Calculus: have distance and deceleration; need starting velocity.?

Question

Stopping distance: 60 meters (vehicle comes to complete stop)
Constant deceleration: 15 meters/sec^2

What was the starting velocity (before deceleration)?

I have a good understanding of derivatives and just learned antiderivatives. But, I don't know how to set problems like this up. Please help me understand how to set it up. I may ask a series of contrived questions like this.

Answer 1

With uniform deceleration f = 15 m/s^2

vf^2 = vi^2 + 2 ( -f) s
vf = 0 when stopped and s = 60m

vi^2 = 2 f s = 2 * 15 * 60 = 1800

vi = 42.42 m/sec
-------------------------
by calculus
equ of motion acceleration is
d^2x/dt^2 = dv/dt = d/dt [ dx/dt] = - 15

d [ dx/dt] = - 15 dt -----(a)

v = dx/dt

so dt = dx / v >>>> put in (a)

d [v ] = - 15 dx / v

v dv = - 15 dx
integrating for velocity

∫ v dv = - 15 ∫dx + c

[v^2/2] = - 15 x + c

given when x = 60, v = 0

0 = - 15 *60 + c >>> c = 900

[v^2/2] = - 15 x + 900

[v^2] = - 30 x + 1800

at x = 0, v = vi intitial

vi^2 = 1800

vi = 42.42 m/s

Answer 2

What we need is v(0), when t = 0
Start with deceleration, which is constant:

a = -15 m/s^2


Find "v" by integrating:

Integral [-15] dt = -15t + C, where C is the constant of integration


Find "s" by integrating again:

Integral [-15t + C] dt = (-15/2)t^2 + Ct + K, where K is the second constant of integration


We have:

v = -15t + C
s = (-15/2)t^2 + Ct + K

At t = 0, s = 0, (then when it is completely stopped, s can equal 60.)

0 = (-15/2)(0)^2 + C(0) + K, thus K = 0
and
s = (-15/2)t^2 + Ct

At s = 60, when the vehicle stops,
v = 0 = -15t + C ----> C = 15t


Also, at s = 60:
60 = (-15/2)t^2 + Ct ---> 60 = (-15/2)t^2 + 15t^2
60 = (15/2)t^2
t^2 = 8
t = 2sqrt(2)
C = 30sqrt(2)

v(0) = -15(0) + 30sqrt(2)

= 42 meters/second

Answer 3

Calculus will help you derive the basic equations of motion, but for problems this level of difficulty (e.g., not hard), you are probably better served understanding how calculus is used to get the equations of motion, then commit a few of the more common equations to memory.

For example, for linear motion, velocity is the integral of acceleration (where acceleration varies with time) over differential time:

v=∫a(t)dt, or v = v0 + at (if acceleration is constant).

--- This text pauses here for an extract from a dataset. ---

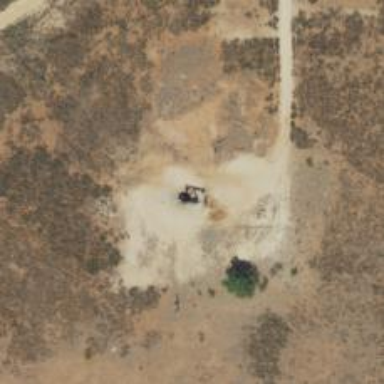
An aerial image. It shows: Petroleum well that is man-made.

Similarly, displacement is equal to velocity integrated over time. For constant acceleration, that is,

x=∫vdt = ∫(v0+at)dt = x0 + v0t + ½at²

Combining the first and second equations, you can remove the parametric time expression to get

v²=v0²+2a(x-x0)

So I've used calculus to show you how to get the equations of motion, but most of the time you won't need calculus to solve equations of motion (unless you're given an acceleration term that changes in time).

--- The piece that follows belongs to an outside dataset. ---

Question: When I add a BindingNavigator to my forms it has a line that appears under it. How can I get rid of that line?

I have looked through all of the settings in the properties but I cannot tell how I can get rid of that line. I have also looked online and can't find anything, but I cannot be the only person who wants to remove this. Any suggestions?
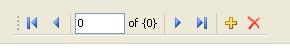
Answer: You probably can't without implementing a subclass and overriding the 'OnPaint', or doing some other hack where you're replacing or modifying the built in rendering. The problem with this approach is that the BindingNavigator is probably a composite control, meaning there are a bunch of button controls, and a text box control, etc. that all handle a portion of the rendering themselves. It would be difficult to render the control entirely on your own.

Which equations you use depends on what information you have and what you need. In the example you've given, you have distance and acceleration and you need velocity. So Equation 3 fits that build just fine:

v²=v0²+2a(x-x0)
0²=v0²+2(15)(-60)
v0² = 1800
v0=42.4m/s

Generally when you set up a problem, the most important things to understand are these. First, the term on the left is the "end state" of the motion (that's why v=0 instead of v0=0: v is the "end state", and we're told that the motion ends at zero. Second, even equations of motion in a line are vector quantities, which means sign matters. If you're traveling to the right, and you're decelerating, that means acceleration is pointing to the left and should be negative. Notice in your example I stuck in a minus sign in the expression; that's because acceleration in this instance is negative.

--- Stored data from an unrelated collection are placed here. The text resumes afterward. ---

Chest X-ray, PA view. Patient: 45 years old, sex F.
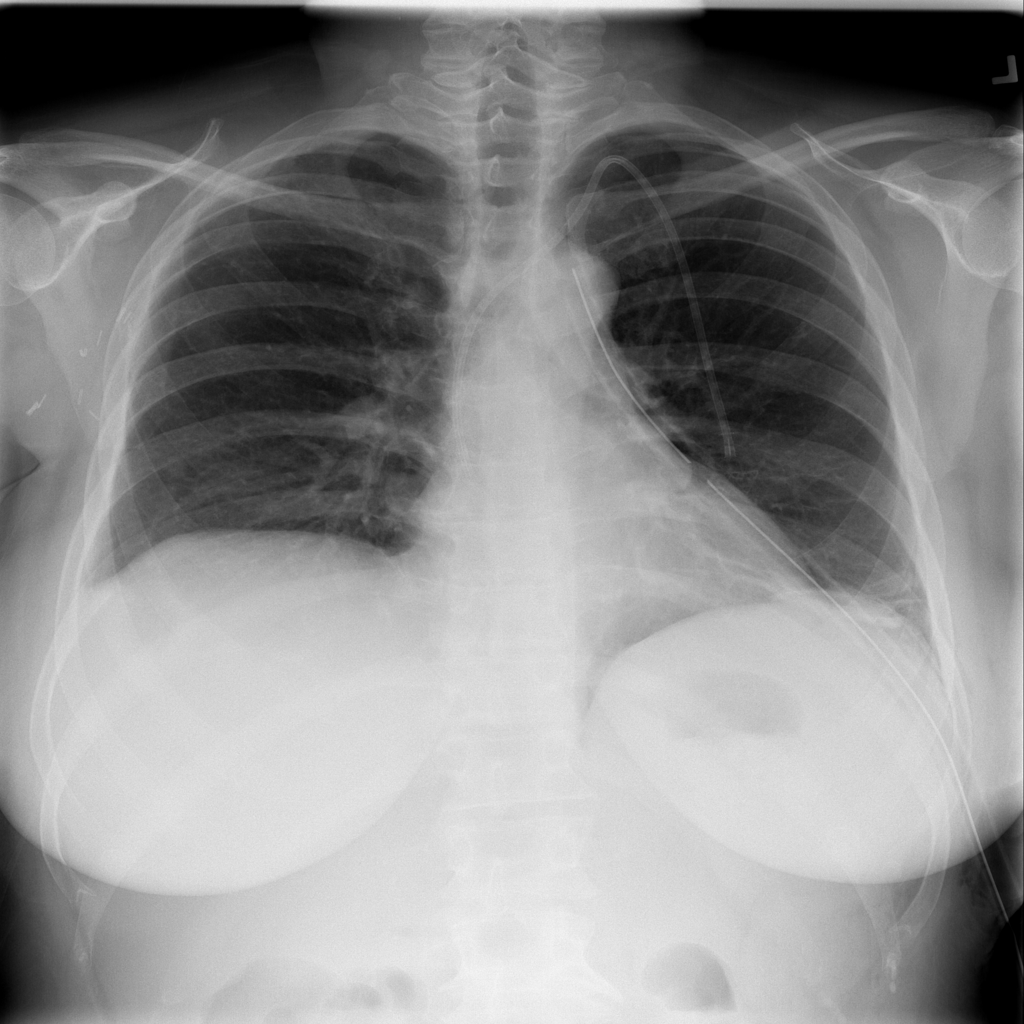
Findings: Atelectasis

Same thing applies for throwing a ball in the air: the velocity might be upward (give it a positive sign), but acceleration due to gravity is downward (give it a negative sign).

So in short, almost all of linear kinematics can be reduced to the three equations above, and once you recognize what terms constitute your "initial conditions" (x0,v0), final state (the term to the left of the "=" sign), and whether the sign of a displacement, velocity, or acceleration is positive or negative, you will be able to set up any linear kinematics problem.

Good luck, work hard, and stay away from drugs.

Answer 4

Setting this up takes a trick in thinking:
a ≡ dv/dt = (dv/ds)(ds/dt) = vdv/ds (since v ≡ ds/dt)
∫ads = ∫vdv
a(s - s0) = (1/2) (v^2 - v0^2)
v^2 - v0^2 = 2a(s - s0)
v0^2 = v^2 - 2a(s - s0)
v0^2 = 0 - 2(-15)(60 - 0)
v0^2 = 30*60 = 1800
v0 = √1800 ≈ 42.426 m/s